DUBLIN: The Irish economy will grow by 3.5% this year and 3.6% in 2016, the European Commission has forecast.
This will give Ireland the fastest growth in the European Union and well above the forecast 1.3% growth for the euro zone.
Earlier in the week the Central Bank raised its growth forecasts to 3.7% this year and 3.8% in 2016.
In its Winter Economic Forecasts, the European Commission said that Ireland’s gross domestic product grew by 4.8% in 2014 – well ahead of the rest of the bloc.
It also forecast a continued fall in unemployment in the country, with the figure falling to 9.6% this year and 8.8% in 2016.
Live Register figures released yesterday put the unemployment rate at 10.5% in January.

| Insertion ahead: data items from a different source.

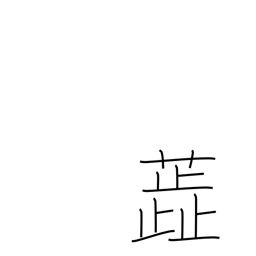
Meaning: stamen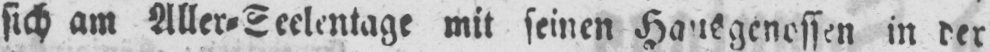
in der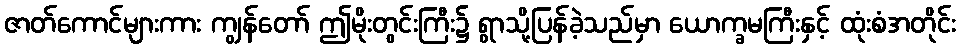
ဇာတ်ကောင်များကား ကျွန်တော် ဤမိုးတွင်းကြီး၌ ရွာသို့ပြန်ခဲ့သည်မှာ ယောက္ခမကြီးနှင့် ထုံးစံအတိုင်း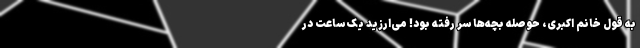
به قول خانم اکبری، حوصله بچه‌ها سر رفته بود! می‌ارزید یک ساعت در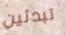
تبدئين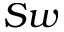
S w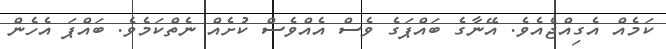
ކަމެއް އެގިއްޖެއެވެ. އޭނާގެ ބައްޕަގެ ވެސް އެއްވެސް ކުށެއް ނެތްކަމެވެ. ބައްޕަ އެހެން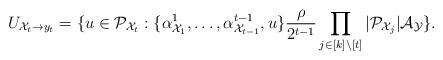
LaTeX: \begin{align*}U_{\mathcal X_t\to y_t}=\{ u\in \mathcal P_{\mathcal X_t}: \{\alpha^{1}_{\mathcal X_1}, \dots, \alpha^{t-1}_{\mathcal X_{t-1}}, u\} \frac{\rho}{2^{t-1}} \prod_{j\in [k]\setminus [t]} |\mathcal P_{\mathcal X_j}| \mathcal A_{\mathcal Y} \}.\end{align*}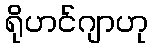
ရိုဟင်ဂျာဟု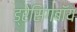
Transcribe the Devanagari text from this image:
ड्रेसिंगबॉय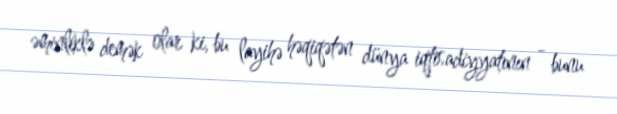
əminliklə demək olar ki, bu layihə həqiqətən dünya iqtisadiyyatının - bunu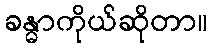
ခန္ဓာကိုယ်ဆိုတာ။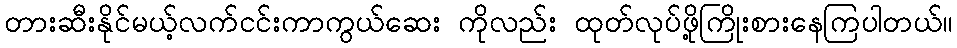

On the wider euro zone, the commission said the bloc’s economic prospects were brighter now than three months ago thanks to cheaper oil, a weaker euro and the European Central Bank’s quantitative easing.
The EU executive arm raised its forecasts for gross domestic product expansion in the 19 countries sharing the euro to 1.3% this year from the 1.1% seen in November and to 1.9% in 2016 from an earlier 1.7%.
Growth last year was 0.8%, the Commission said.
“Europe’s economic outlook is a little brighter today than when we presented our last forecasts,” said Pierre Moscovici, Commissioner for Economic and Financial Affairs, referring to forecasts released in early November 2014.
Growth will also benefit from a recovery in investment.
The Commission sees it increasing 2% this year over 2014 and by 4.4% in 2016, boosted by the ECB’s money-printing measures and the European Union’s €315bn investment plan.
Investment grew by just 0.9% in 2014.